La presidenta de México, Claudia Sheinbaum, reiteró este martes el respaldo de su Gobierno a la candidatura de la expresidenta chilena Michelle Bachelet para asumir la Secretaría General de las Naciones Unidas, al destacar su trayectoria, su visión pacifista y señalar que “ya es momento” de que una mujer dirija el organismo internacional.
Durante su conferencia de prensa en Ciudad de México, Sheinbaum subrayó que Bachelet cuenta con una amplia experiencia en liderazgo político y en el sistema de Naciones Unidas, lo que, a su juicio, representaría un aporte significativo para la organización. “Es una mujer reconocida, con conocimiento profundo de la ONU y una visión de atención a los más vulnerables”, afirmó.
La mandataria también resaltó el carácter histórico que tendría su eventual designación, al recordar que en más de ocho décadas ninguna mujer ha ocupado la Secretaría General del organismo multilateral.

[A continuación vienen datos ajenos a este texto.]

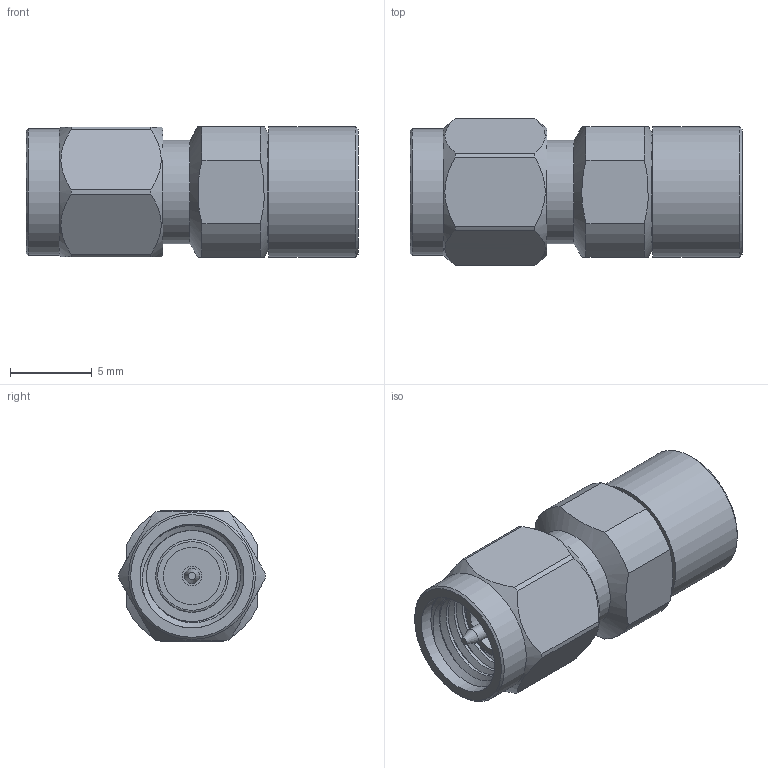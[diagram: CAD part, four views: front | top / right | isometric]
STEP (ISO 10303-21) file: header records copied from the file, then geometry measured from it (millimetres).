
FILE_DESCRIPTION (( 'STEP AP203' ), '1' );
FILE_NAME ('PE6TR1110_3D.step', '2022-02-14T16:51:35', ( '' ), ( '' ), 'SwSTEP 2.0', 'SolidWorks 2021', '' );
FILE_SCHEMA (( 'CONFIG_CONTROL_DESIGN' ));
Length unit declared in the file: inch
Products named in the file (1): PE6TR1110_3D
Bounding box: 20.32 x 8.99 x 8 mm (x, y, z)
Volume: 900.3 mm3; surface area: 882.8 mm2
Topology: 1 solids, 1 shells, 56 faces, 151 edges, 104 vertices
Faces by surface type: cylinder 25, plane 19, cone 8, bspline 4
Full cylindrical faces by diameter (mm): 0.94 x1, 1.194 x1, 3.5 x1, 4.445 x1, 6.315 x1, 6.35 x6, 7.295 x1, 7.762 x1, 8 x1
Entity records: 3028 total; most frequent: CARTESIAN_POINT 1828, ORIENTED_EDGE 242, DIRECTION 200, EDGE_CURVE 121, VERTEX_POINT 97, AXIS2_PLACEMENT_3D 90, EDGE_LOOP 74, FACE_OUTER_BOUND 60

La candidatura de Bachelet fue formalmente inscrita por Chile, con el respaldo de México y Brasil, los dos países más grandes de América Latina, según confirmó el presidente chileno Gabriel Boric. El mandatario indicó que la postulación busca fortalecer el multilateralismo y promover un liderazgo capaz de enfrentar los desafíos globales actuales.

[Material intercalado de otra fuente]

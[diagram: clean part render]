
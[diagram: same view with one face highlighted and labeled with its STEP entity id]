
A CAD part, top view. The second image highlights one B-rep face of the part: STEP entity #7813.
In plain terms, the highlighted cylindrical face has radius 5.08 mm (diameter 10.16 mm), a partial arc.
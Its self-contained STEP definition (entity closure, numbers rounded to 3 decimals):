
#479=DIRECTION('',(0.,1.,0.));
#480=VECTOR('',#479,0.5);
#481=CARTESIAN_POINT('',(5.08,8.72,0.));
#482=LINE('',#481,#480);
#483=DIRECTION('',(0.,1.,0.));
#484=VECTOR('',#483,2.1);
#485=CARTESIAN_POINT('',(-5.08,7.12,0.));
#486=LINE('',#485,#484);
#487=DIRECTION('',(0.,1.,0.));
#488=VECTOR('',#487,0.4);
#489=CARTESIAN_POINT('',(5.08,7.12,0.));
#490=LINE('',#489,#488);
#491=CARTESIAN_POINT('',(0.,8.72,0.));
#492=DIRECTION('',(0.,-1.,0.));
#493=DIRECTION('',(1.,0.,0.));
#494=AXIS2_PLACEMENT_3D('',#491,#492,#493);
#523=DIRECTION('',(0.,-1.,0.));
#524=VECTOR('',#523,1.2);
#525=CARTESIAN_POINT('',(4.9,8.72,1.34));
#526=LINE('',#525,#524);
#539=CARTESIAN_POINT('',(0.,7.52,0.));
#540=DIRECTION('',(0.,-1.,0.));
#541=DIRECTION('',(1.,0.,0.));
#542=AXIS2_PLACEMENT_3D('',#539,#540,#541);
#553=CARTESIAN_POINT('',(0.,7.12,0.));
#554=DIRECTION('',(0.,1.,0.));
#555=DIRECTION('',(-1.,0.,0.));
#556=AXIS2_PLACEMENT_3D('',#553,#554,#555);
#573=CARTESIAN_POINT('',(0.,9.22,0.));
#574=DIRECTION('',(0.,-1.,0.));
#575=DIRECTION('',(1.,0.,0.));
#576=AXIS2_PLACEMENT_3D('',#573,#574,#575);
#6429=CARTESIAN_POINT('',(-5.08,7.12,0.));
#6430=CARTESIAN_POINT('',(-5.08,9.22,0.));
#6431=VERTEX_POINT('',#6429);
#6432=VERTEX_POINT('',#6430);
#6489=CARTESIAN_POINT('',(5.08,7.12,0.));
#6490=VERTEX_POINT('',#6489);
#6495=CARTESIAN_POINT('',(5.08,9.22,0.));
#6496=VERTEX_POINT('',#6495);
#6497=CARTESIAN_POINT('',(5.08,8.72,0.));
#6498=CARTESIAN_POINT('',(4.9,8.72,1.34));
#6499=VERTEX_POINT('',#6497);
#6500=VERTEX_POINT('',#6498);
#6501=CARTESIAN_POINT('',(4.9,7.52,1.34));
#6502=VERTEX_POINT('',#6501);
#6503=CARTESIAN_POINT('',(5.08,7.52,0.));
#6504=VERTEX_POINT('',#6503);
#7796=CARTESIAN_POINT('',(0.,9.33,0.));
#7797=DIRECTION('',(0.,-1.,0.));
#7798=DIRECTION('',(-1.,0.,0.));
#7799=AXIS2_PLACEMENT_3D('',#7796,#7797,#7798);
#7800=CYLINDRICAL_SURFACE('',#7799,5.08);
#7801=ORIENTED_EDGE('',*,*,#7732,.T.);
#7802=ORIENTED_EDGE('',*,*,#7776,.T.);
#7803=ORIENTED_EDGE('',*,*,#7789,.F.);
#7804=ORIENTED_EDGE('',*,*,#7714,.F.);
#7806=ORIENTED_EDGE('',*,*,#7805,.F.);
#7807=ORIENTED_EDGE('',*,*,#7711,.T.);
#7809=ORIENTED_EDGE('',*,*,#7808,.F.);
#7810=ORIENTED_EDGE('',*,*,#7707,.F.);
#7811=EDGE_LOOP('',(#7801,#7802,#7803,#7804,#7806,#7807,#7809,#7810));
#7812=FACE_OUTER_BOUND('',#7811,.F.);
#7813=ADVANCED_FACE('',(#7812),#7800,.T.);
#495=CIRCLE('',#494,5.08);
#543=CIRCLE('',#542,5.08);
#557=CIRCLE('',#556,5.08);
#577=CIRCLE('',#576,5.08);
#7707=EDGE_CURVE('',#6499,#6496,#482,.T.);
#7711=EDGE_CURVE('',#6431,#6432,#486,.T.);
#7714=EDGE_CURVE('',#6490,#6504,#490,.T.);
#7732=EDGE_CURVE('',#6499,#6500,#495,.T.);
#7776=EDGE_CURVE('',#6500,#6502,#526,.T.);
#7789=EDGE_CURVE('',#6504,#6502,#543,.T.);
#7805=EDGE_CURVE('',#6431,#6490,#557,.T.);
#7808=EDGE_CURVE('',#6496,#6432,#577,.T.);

Bachelet, de 74 años, fue presidenta de Chile en dos períodos (2006-2010 y 2014-2018) y posteriormente ocupó cargos clave en la ONU, como directora ejecutiva de ONU Mujeres y alta comisionada para los Derechos Humanos. Al agradecer el apoyo regional, la exmandataria afirmó sentirse honrada y consciente de la responsabilidad que implica la postulación.
La exjefa de Estado chilena figura entre las principales candidatas para suceder al portugués António Guterres, cuyo mandato concluye el 31 de diciembre de 2026. Sin embargo, aún deberá asegurar apoyos clave, entre ellos el de Estados Unidos, así como la postura del futuro Gobierno chileno.
De acuerdo con una práctica no escrita dentro de Naciones Unidas, la Secretaría General suele rotar por regiones, lo que favorecería en esta ocasión a América Latina, donde existe consenso en torno a que el próximo liderazgo debería recaer en una mujer.